"La Nouvelle-Calédonie n'est plus vraiment importante pour le marché du nickel ", estime Philippe Chalmin

Le rapport Cyclope 2015 analyse les tensions économiques et les enjeux politiques qui ont agité notamment l'industrie du nickel. Entretien avec Philippe Chalmin, professeur d'histoire économique à l'université Paris-Dauphine qui a coordonné l'édition de ce pavé sur les matières premières. 
Les 800 pages du rapport Cyclope se lisent comme un roman de la mondialisation. La Nouvelle-Calédonie est le 6ème producteur mondial de nickel avec 62 000 tonnes produites en 2014, loin derrière la Chine avec 697 000 tonnes.

La1ere.fr : Vous avez choisi de sous-titrer la nouvelle édition du rapport Cyclope "pour qui sonne le glas", cette formule plutôt sombre s'applique-t-elle au nickel ?
Philippe Chalmin : Elle s'applique tout particulièrement au nickel, car incontestablement, il est aux premières loges des incertitudes et des doutes. Le marché du nickel est d'une extrême précarité, les prix sont bas alors même que l'embargo indonésien fonctionne bien. C'est d'autant plus inquiétant. Les entrepôts, les stocks mondiaux de nickel sont abondants. Et de nouvelles usines ont vu le jour comme à Madagascar.

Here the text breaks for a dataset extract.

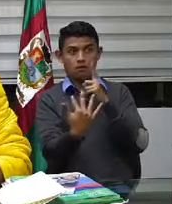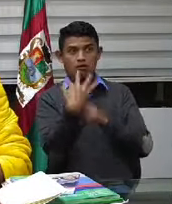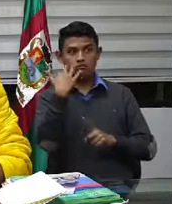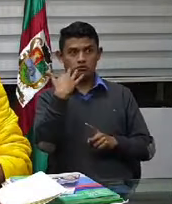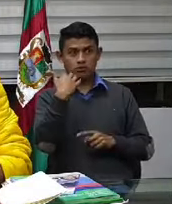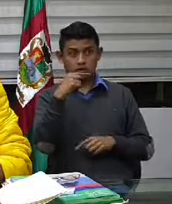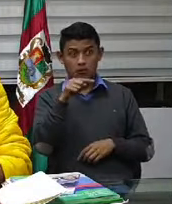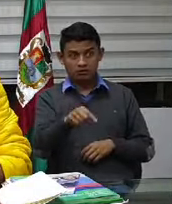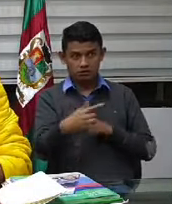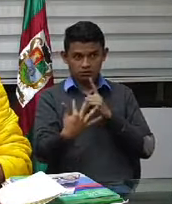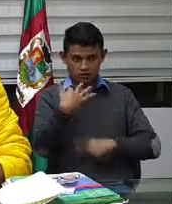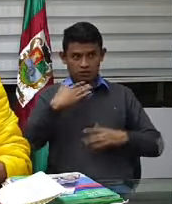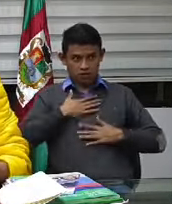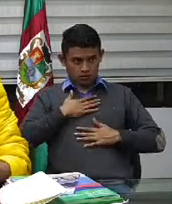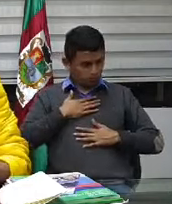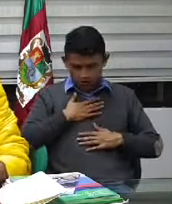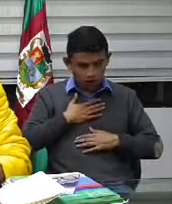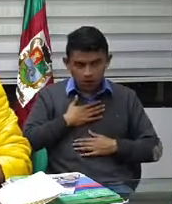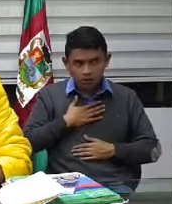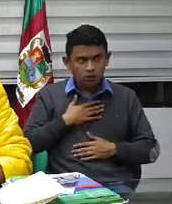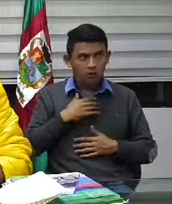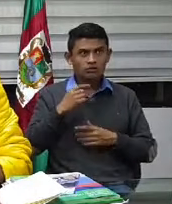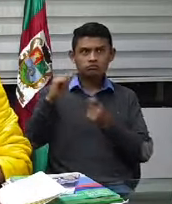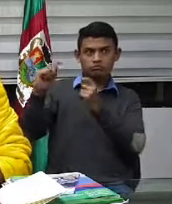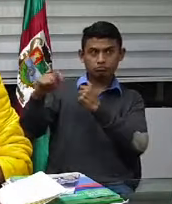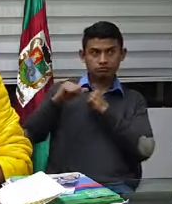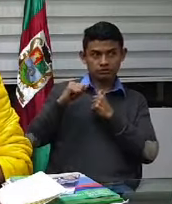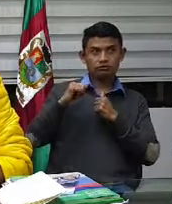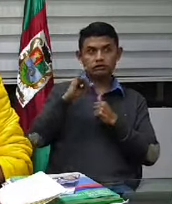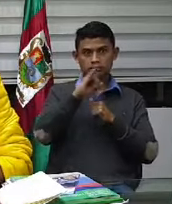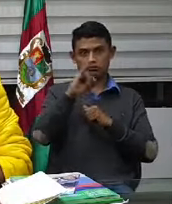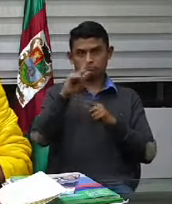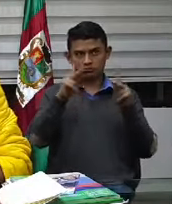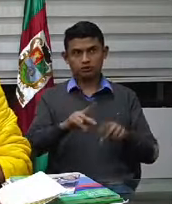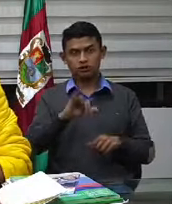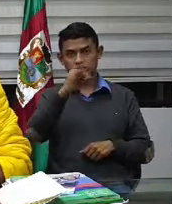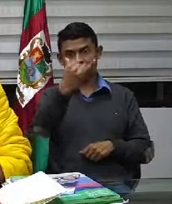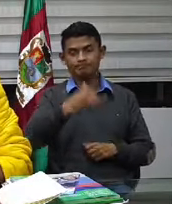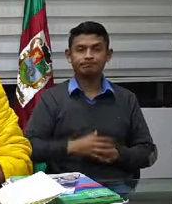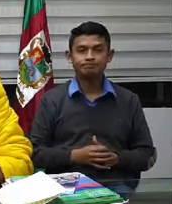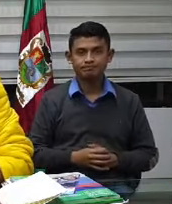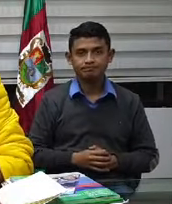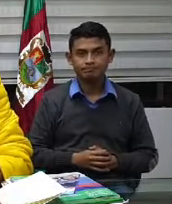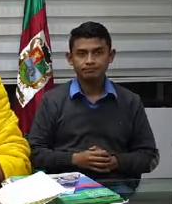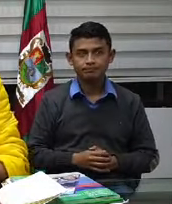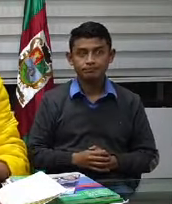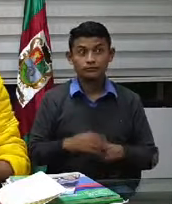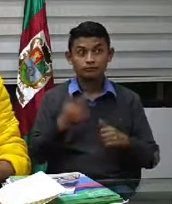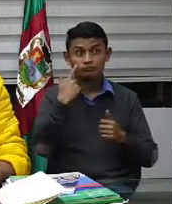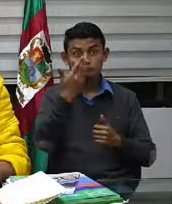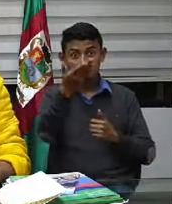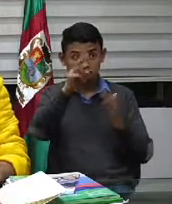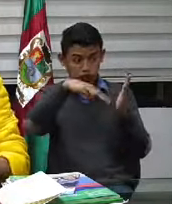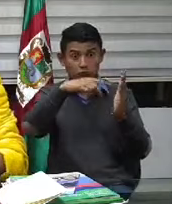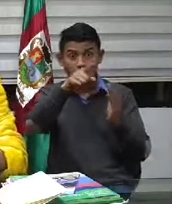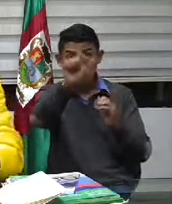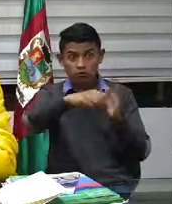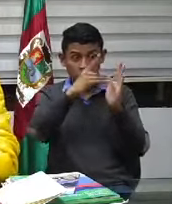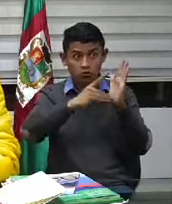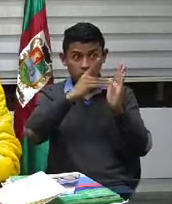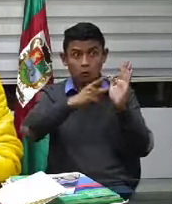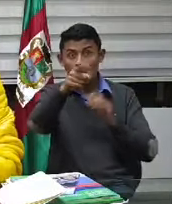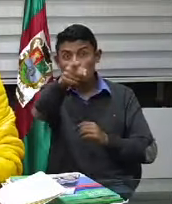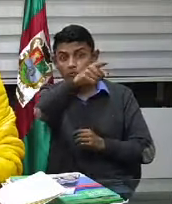lea también miren por ejemplo que hay algunas cosas interesantes en esos temas ¿qué tenemos

Le rapport Cyclope plonge le lecteur dans les arcanes de l’ensemble des marchés de matières premières, quels sont les arcanes du nickel ?
Comme toute matière première, le marché du nickel est confronté aux fondamentaux du marché et notamment à la loi de l'offre et de la demande et donc à la spéculation. Mais c'est aussi un marché complexe. Les acteurs sont des oligarques russes, des révolutionnaires cubains, des spéculateurs londoniens, des métallurgistes de l'inox, des investisseurs chinois et des indépendantistes calédoniens… Le nickel est l'un des produits dont la dimension géopolitique est parmi les plus complexes. C'est un des marchés les plus instables de la planète.

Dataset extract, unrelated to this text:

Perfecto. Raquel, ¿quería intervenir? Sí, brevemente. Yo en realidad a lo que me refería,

Le nickel valait 55 000 dollars la tonne à la fin des années 2000, il vaut 13 000 dollars aujourd'hui, c'est une situation tenable pour les producteurs ?
N'oubliez pas que le point bas s'est situé à 3 000 dollars la tonne, il reste donc de la marge. Ce qui est clair, c'est que nous sommes confrontés à des fluctuations qui fragilisent les producteurs. Aujourd'hui, avec un cours autour de 13 000 dollars la tonne à la bourse de Londres nous sommes face à une production qui n'est rentable nulle part, ni en Chine ni en Russie et encore moins en Nouvelle-Calédonie.

C'est la malédiction des matières premières qui s'applique aussi au nickel ?
Les producteurs ont fondé trop d'espoir sur "leur" nickel. L'activité minière est aléatoire, spéculative, instable. Elle n'est pas source de développement économique ou plutôt elle ancre les pays producteurs dans la dépendance. Je comparerais la Nouvelle-Calédonie à un coureur du tour de France qui se dope. Il en devient dépendant. Mais un jour la drogue devient de plus en plus chère, et il n’a plus les moyens de se la payer, pour autant, il reste accroc.
Ce qui m'inquiète, ce sont les discours qui font du nickel, et des matières premières en général, des enjeux nationalistes.

Le paysage industriel calédonien a changé avec désormais trois acteurs principaux, l'anglo-suisse Glencore, le brésilien-canadien Vale et le français Eramet-SLN. Ces acteurs sont-ils identiques et comparables ?
Non. Vous avez d'un côté deux géants, deux multinationales des mines et du négoce des matières premières et de l'autre un acteur français qui s'efforce de résister à ses concurrents. Et qui représente un enjeu gouvernemental de souveraineté nationale.

L'un des piliers idéologiques des "doctrines nickel", en Indonésie ou en Nouvelle-Calédonie est de contrôler majoritairement les mines et les usines locales, qu'en pensez-vous ?
C'est une posture idéologique, personne ne contrôle ou ne manipule le marché. Le rôle d'un gouvernement peut être de négocier une rente, mais pas de prendre des risques surtout quand le marché est extrêmement volatile, spéculatif.
Sauf à prendre le risque de "nationaliser" les dettes et de prendre à sa charge les pertes des usines.

Quelle est l'importance de la Nouvelle-Calédonie pour les auteurs de la 29e édition du rapport Cyclope ?
La Nouvelle-Calédonie est un petit acteur du marché du nickel, face à la Chine, à la Russie ou au Canada. Elle compte peu. En conclusion, je dirais que le nickel est important pour la Nouvelle-Calédonie mais que la Nouvelle-Calédonie n'est plus vraiment importante pour le nickel.